Studio album by The Queers
- Released: October 6, 1998
- Genre: Punk rock, Pop punk
- Label: Hopeless HR-636
- Producer: Mass Giorgini & Joe Queer

The Queers chronology
| Don't Back Down (1996) | Punk Rock Confidential (1998) | Later Days And Better Lays (1999) |

= Punk Rock Confidential (album) =

Punk Rock Confidential is the sixth full-length album by pop punk band The Queers and their first album released on Hopeless Records.

Professional ratings
Review scores
| Source | Rating |
| Allmusic | link |

== Background and recording ==
After the 1996 album Don't Back Down, The Queers went through changes, including founding member Joe King getting clean from drugs and alcohol, drummer Hugh O'Neill leaving due to health issues and bassist B-Face moving over to the Groovie Ghoulies. The lineup change also caused their longtime label Lookout! Records to drop them. With new members Geoff Useless and Rick Respectable, the band released Everything's O.K. EP which became their first release on Hopeless Records. The band followed that up by recording Punk Rock Confidential in Big Sound Studios, in Westbrook, ME and Sonic Iguana in Lafayette, IN. The liner notes for the album list the band as Joe Queer on guitar and vocals, Jon Cougar Concentration Camp members Dangerous Dave and Chris Cougar Concentration Camp (aka Chris Field) on guitars and bass respectively and Steve Stress on drums. Additionally, it expresses gratitude in particular to bass guitarist Jeff Useless.

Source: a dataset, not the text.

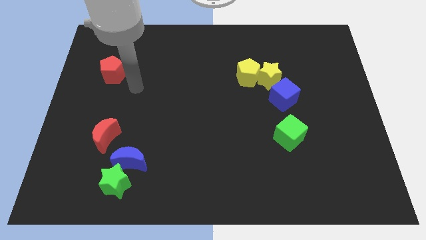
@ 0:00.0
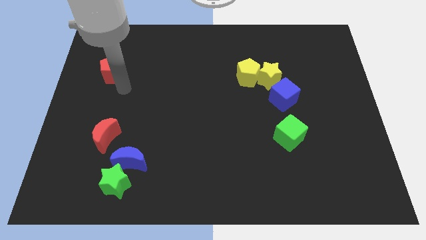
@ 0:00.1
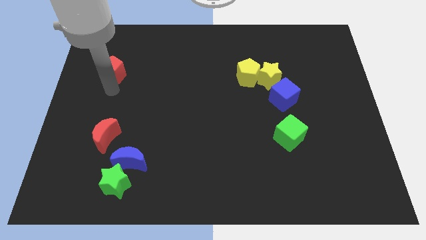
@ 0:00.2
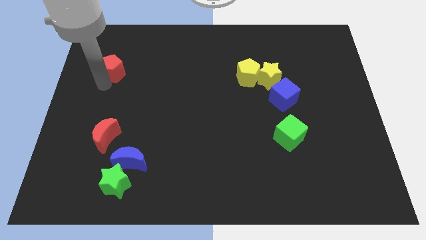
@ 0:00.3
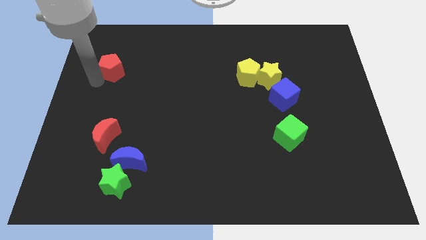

== Punk Rock Confidential Revisited ==
Due to issues with royalties, the band decided to re-record the album as they didn't have the rights to re-issue it So in 2018, Punk Rock Confidential Revisited was released on vinyl by Asian Man Records and CD by Rad Girlfriend Records.

==Track listing==
1. "Tamara Is a Punk" – 2:03
2. "Everything's Okay" – 2:12
3. "I Didn't Puke" (Scott “Tulu” Gildersleeve) – 1:05
4. "Mrs. Brown, You've Got an Ugly Daughter" (Song Title inspired by Herman's Hermits) – 2:48
5. "The Sun Always Shines Around You" – 3:05
6. "Rancid Motherfucker" – 1:51
7. "Punk Rock Confidential" – 1:45
8. "Today I Fell in Love" – 3:11
9. "Pretty Flamingo" (Manfred Mann) – 2:10
10. "Motherfucker" – 1:55
11. "Like a Parasite" (Ben “Weasel” Foster & Joe “Queer” King) – 2:52
12. "Idiot Savant" – 2:39
13. "I Enjoy Being a Boy" (The Banana Splits) – 3:30
14. "Don't Mess It Up" – 3:28
15. "Sayonara Sucker" – 3:40
16. "Punk Rock Confidential Revisited (hidden track)" - 0:53

==Album cover==

The cover is a colorized production photo from the film "Santo el Enmascarado de Plata vs. La invasión de los marcianos (El Santo vs. The Martian Invasion)." This was a vehicle for Mexican professional wrestler 'El Santo'.

==Personnel==
- Joe Queer – Guitar, Lead Vocals
- Dangerous Dave – Guitar, Vocals
- Geoff Useless – Bass
- Chris Fields – Drums
NOTE – Due to a royalty issue, Hopeless Records lists Chris Fields on Bass and Steve Stress on Drums even though they never actually saw any sort of royalty.